2. Per-project HD-derived wallets
Every project gets its own Solana keypair, deterministically derived from a master seed:
1Password + paper backup
▸Derivation path reference
We hold only the master seed (encrypted in env vars, with paper backup). Per-project keypairs are derived just-in-time for signing and zeroized after. This gives us per-project accounting, isolated failure domains, and a clean operational model for running 10+ projects at once.
3. The cranker
A long-running daemon that polls every 30 seconds. For each active project whose lastCycleAt + intervalSeconds is due, it executes a full cycle (see Anatomy of a cycle). Every stage boundary is checkpointed to Redis, so crashes, RPC timeouts, and rate limits all resume cleanly.
Two buyback paths, one abstraction
Pump.fun tokens live in two states: bonding-curve (pre-graduation) and graduated (post-graduation, on PumpSwap AMM or Raydium).
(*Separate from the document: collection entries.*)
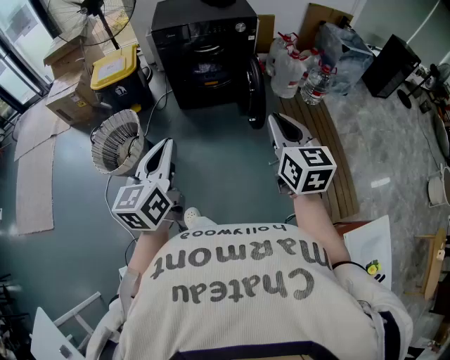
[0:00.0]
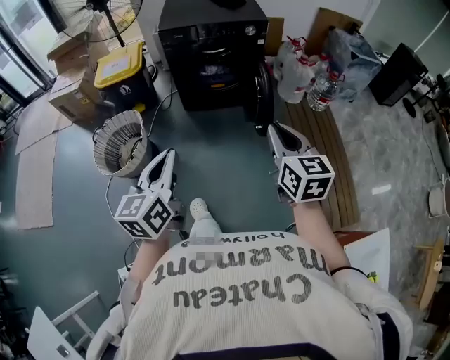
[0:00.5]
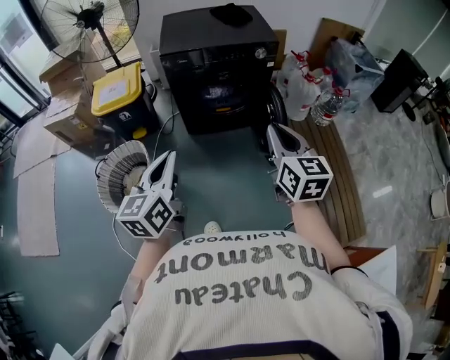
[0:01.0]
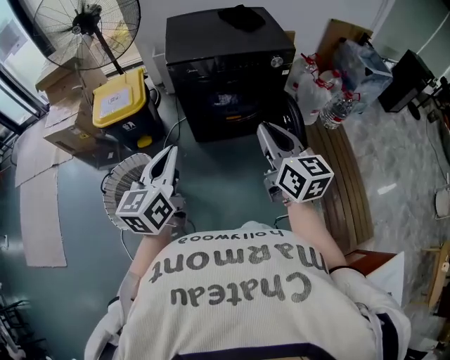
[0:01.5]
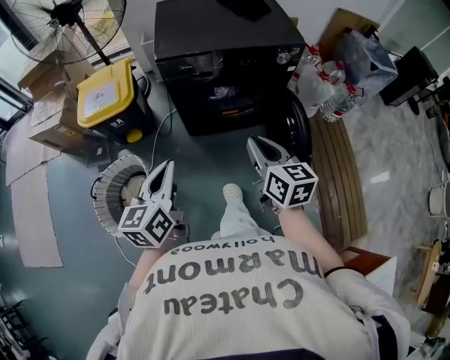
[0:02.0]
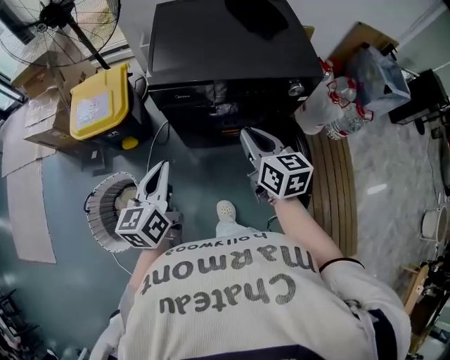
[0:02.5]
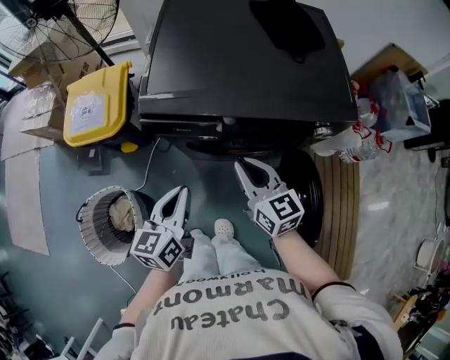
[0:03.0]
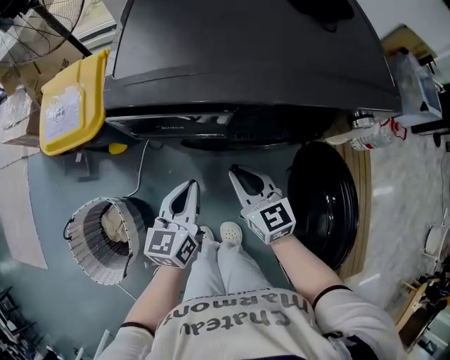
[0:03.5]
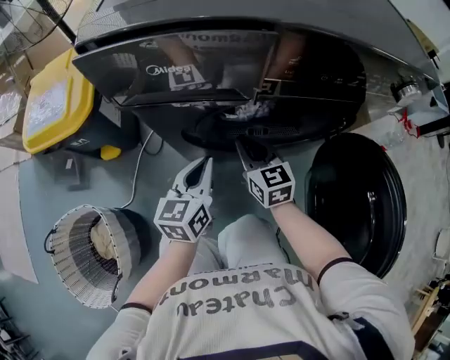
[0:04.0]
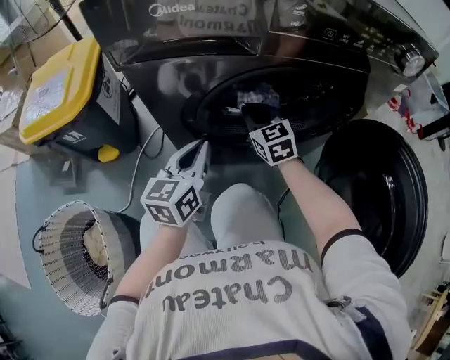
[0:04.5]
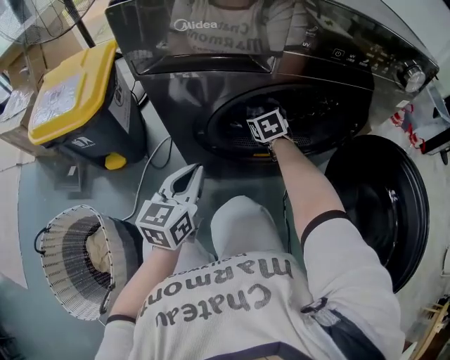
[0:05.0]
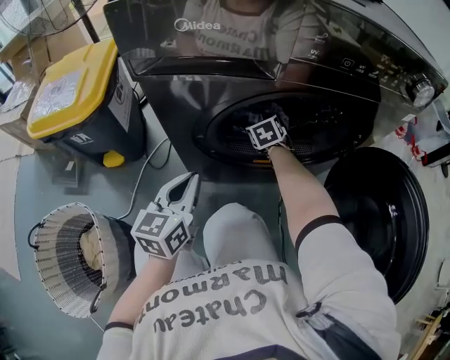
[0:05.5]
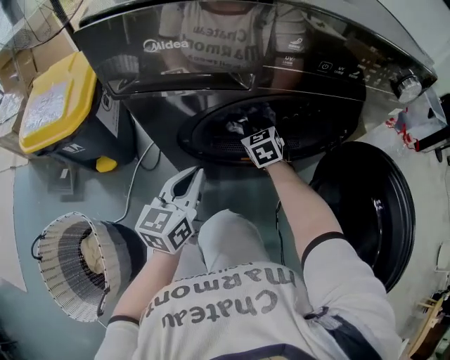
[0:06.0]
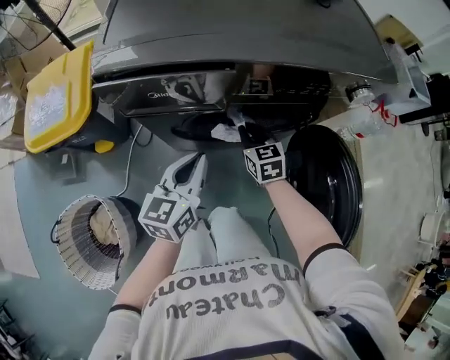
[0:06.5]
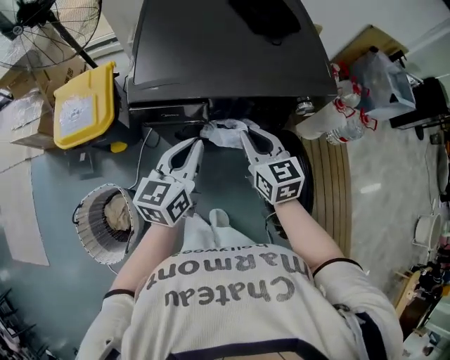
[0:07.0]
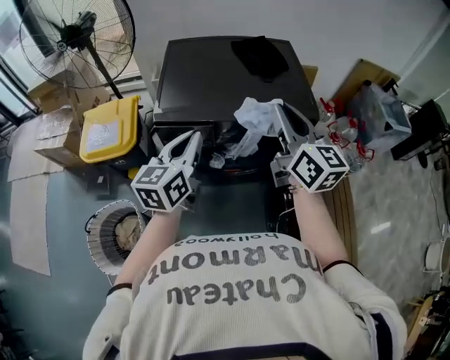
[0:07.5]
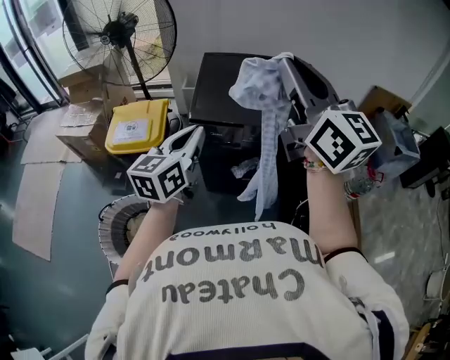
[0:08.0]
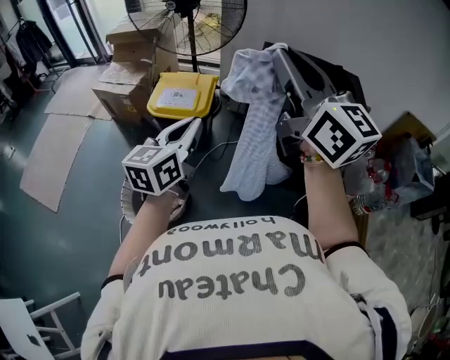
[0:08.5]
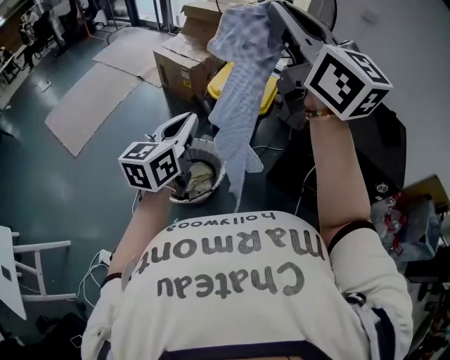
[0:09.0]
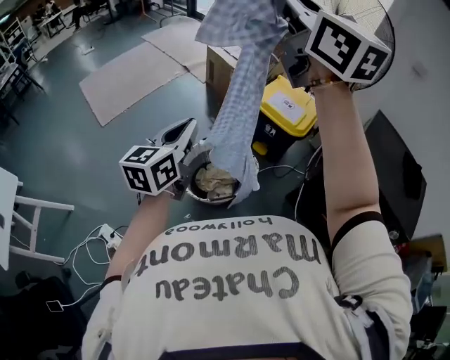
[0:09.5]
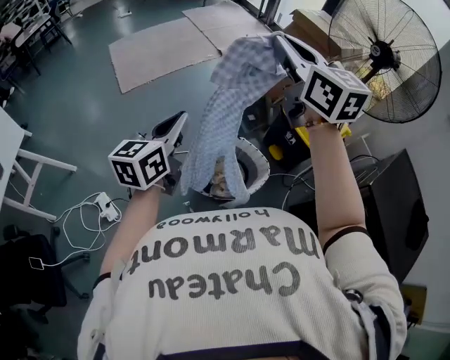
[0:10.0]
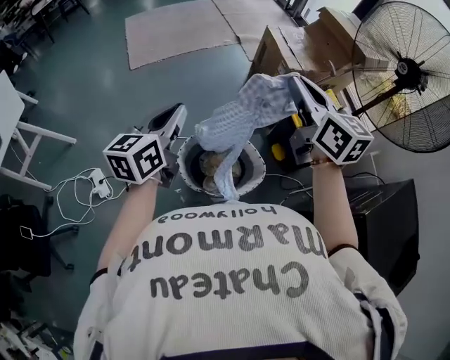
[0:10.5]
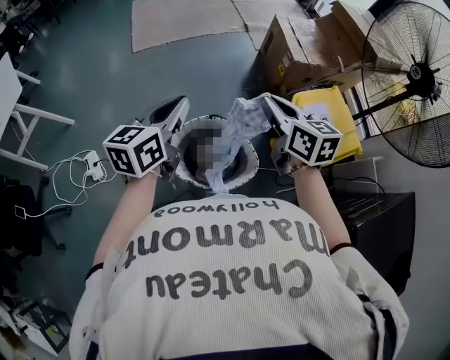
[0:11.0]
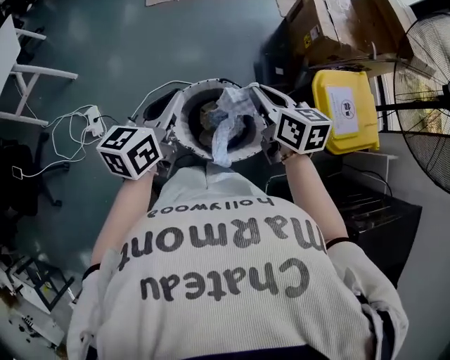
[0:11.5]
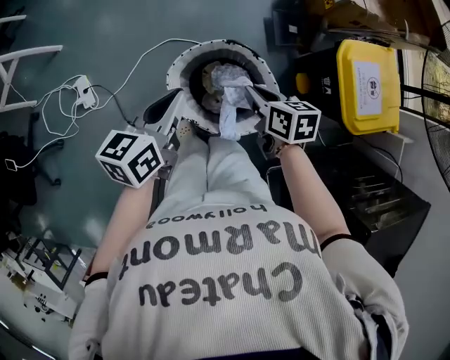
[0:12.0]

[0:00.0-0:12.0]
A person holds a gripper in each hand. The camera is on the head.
0:00.0 to 0:02.0: The pair of grippers is taken forward and to the left, roughly 40 cm.
0:02.0 to 0:04.0: Both grippers travel together downward and forward, about 50 cm. The right gripper turns by roughly 20 degrees.
0:04.0 to 0:06.0: The right gripper shifts roughly 15 cm forward and downward, rotates approximately 30 degrees, and opens and closes again.
0:06.0 to 0:08.0: The right gripper travels upward by some 90 cm, and tips its fingers upward by about 50 degrees. The left gripper travels upward by roughly 50 cm.
0:08.0 to 0:10.0: Both grippers are carried some 70 cm. The left gripper changes its angle by some 60 degrees, while the right gripper swivels approximately 60 degrees.
0:10.0 to 0:12.0: The left gripper goes approximately 25 cm downward, and changes its angle by roughly 30 degrees; the right gripper travels downward by approximately 50 cm, and tips its fingers downward by about 40 degrees.

The cranker auto-detects which and routes accordingly:
- ›Bonding curve:
PumpSdk.buyInstructions— direct buy from the curve, cheapest path - ›Graduated: Jupiter Ultra aggregator — best price across whatever DEX liquidity exists
From the project creator's perspective, it's transparent. You don't configure the swap path; graduation flips it automatically.
Onboarding a token
Onboarding takes about two minutes and three signatures. You connect the creator wallet, pick your config, and sign.
Prerequisites
- ›You are the creator of a pump.fun mint (i.e., the bonding curve's
creatorfield matches your wallet) - ›The mint does not already have a fee recipient set to someone else
- ›Your wallet has enough SOL for three tx fees (< 0.01 SOL total)
Two onboarding paths
Both land on the same on-chain state. Pick whichever you prefer:
Path A · Wallet-connect (recommended)
Visit /board, connect your wallet, paste the mint, set your config knobs, and sign three transactions in sequence. The backend verifies and activates the project automatically.
▸Raw signature sequence
Path B · Manual (already set fee recipient on pump.fun)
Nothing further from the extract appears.